[Data extracted from a collection]
○ ○ ○ ○ ○
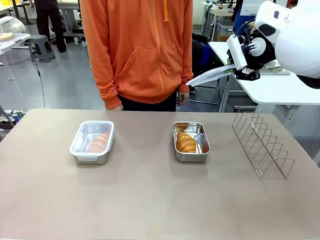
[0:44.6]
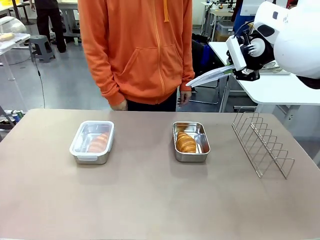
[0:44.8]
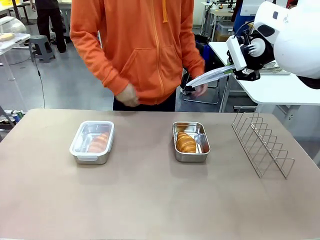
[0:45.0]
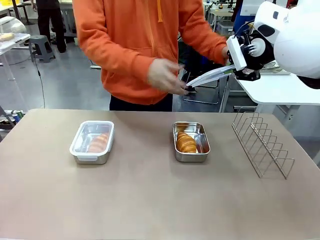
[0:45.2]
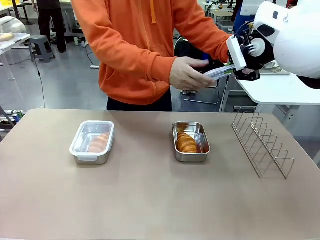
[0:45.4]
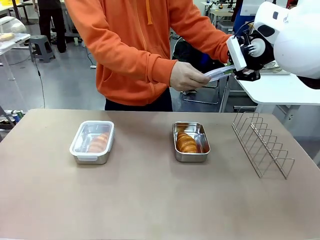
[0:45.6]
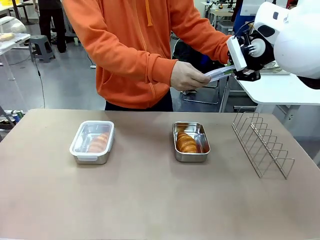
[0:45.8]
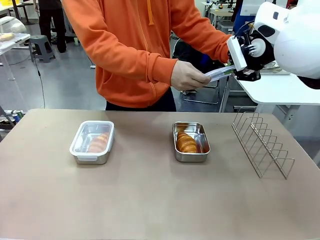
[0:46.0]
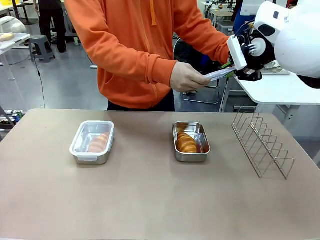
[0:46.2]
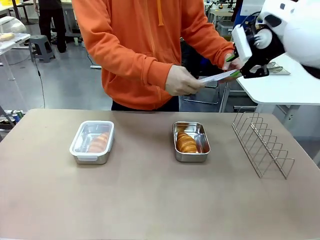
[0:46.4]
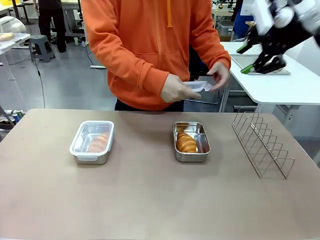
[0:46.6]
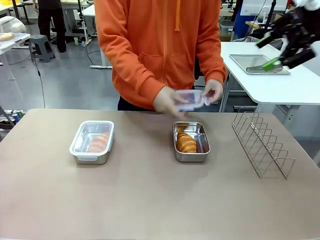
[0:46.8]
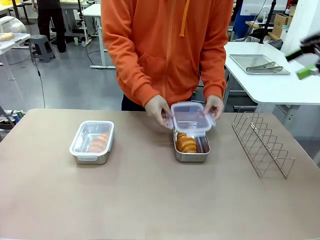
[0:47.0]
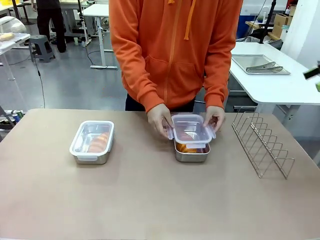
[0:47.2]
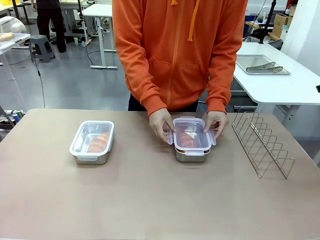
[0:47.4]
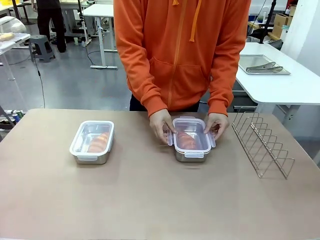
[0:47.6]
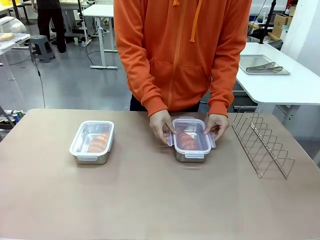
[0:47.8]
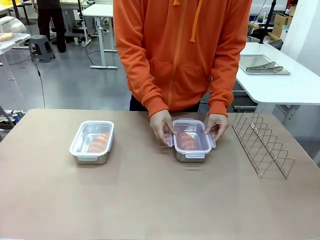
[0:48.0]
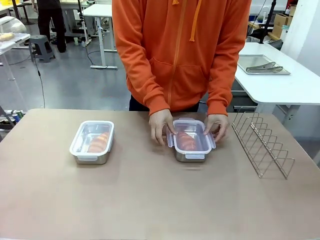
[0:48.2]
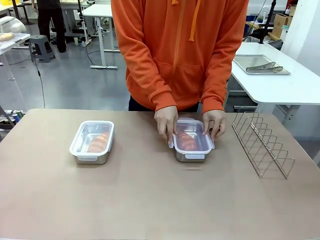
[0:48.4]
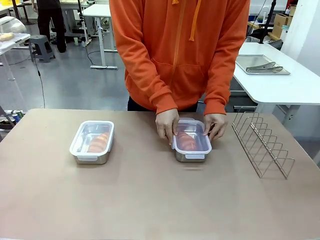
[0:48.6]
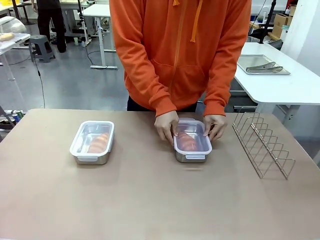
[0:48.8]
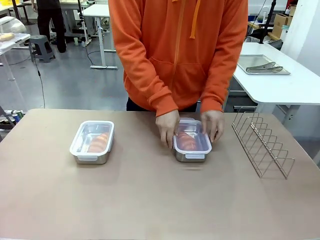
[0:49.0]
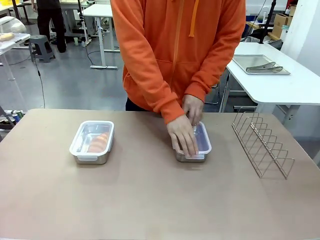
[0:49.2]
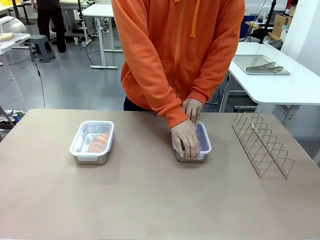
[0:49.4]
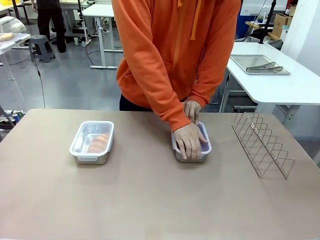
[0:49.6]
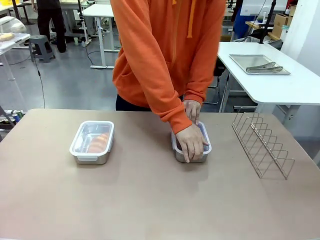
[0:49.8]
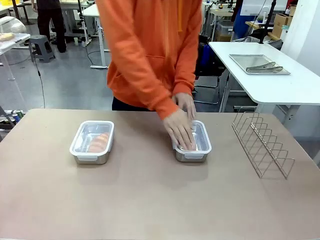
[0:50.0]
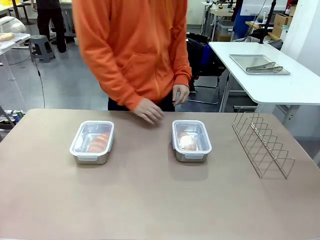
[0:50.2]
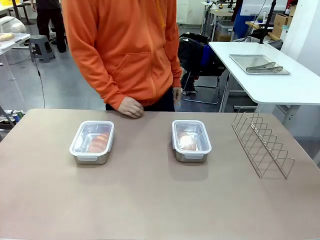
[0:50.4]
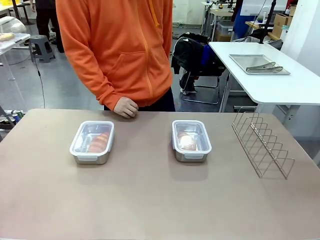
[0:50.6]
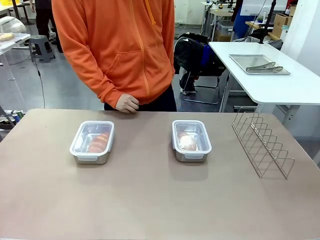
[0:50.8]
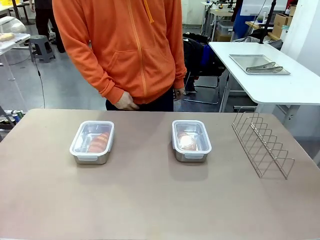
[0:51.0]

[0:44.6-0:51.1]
Robot: Release when the human grabs the Airtight Container lid.
Person: Close Airtight Container with a handed Airtight Container lid.
○ ○ ○ ○ ○
#### Assigned task:
Could you retype all the entries exactly, skipping the pictures?

#### Answer to the exercise:
[0:44.6]
[0:44.8]
[0:45.0]
[0:45.2]
[0:45.4]
[0:45.6]
[0:45.8]
[0:46.0]
[0:46.2]
[0:46.4]
[0:46.6]
[0:46.8]
[0:47.0]
[0:47.2]
[0:47.4]
[0:47.6]
[0:47.8]
[0:48.0]
[0:48.2]
[0:48.4]
[0:48.6]
[0:48.8]
[0:49.0]
[0:49.2]
[0:49.4]
[0:49.6]
[0:49.8]
[0:50.0]
[0:50.2]
[0:50.4]
[0:50.6]
[0:50.8]
[0:51.0]

[0:44.6-0:51.1]
Robot: Release when the human grabs the Airtight Container lid.
Person: Close Airtight Container with a handed Airtight Container lid.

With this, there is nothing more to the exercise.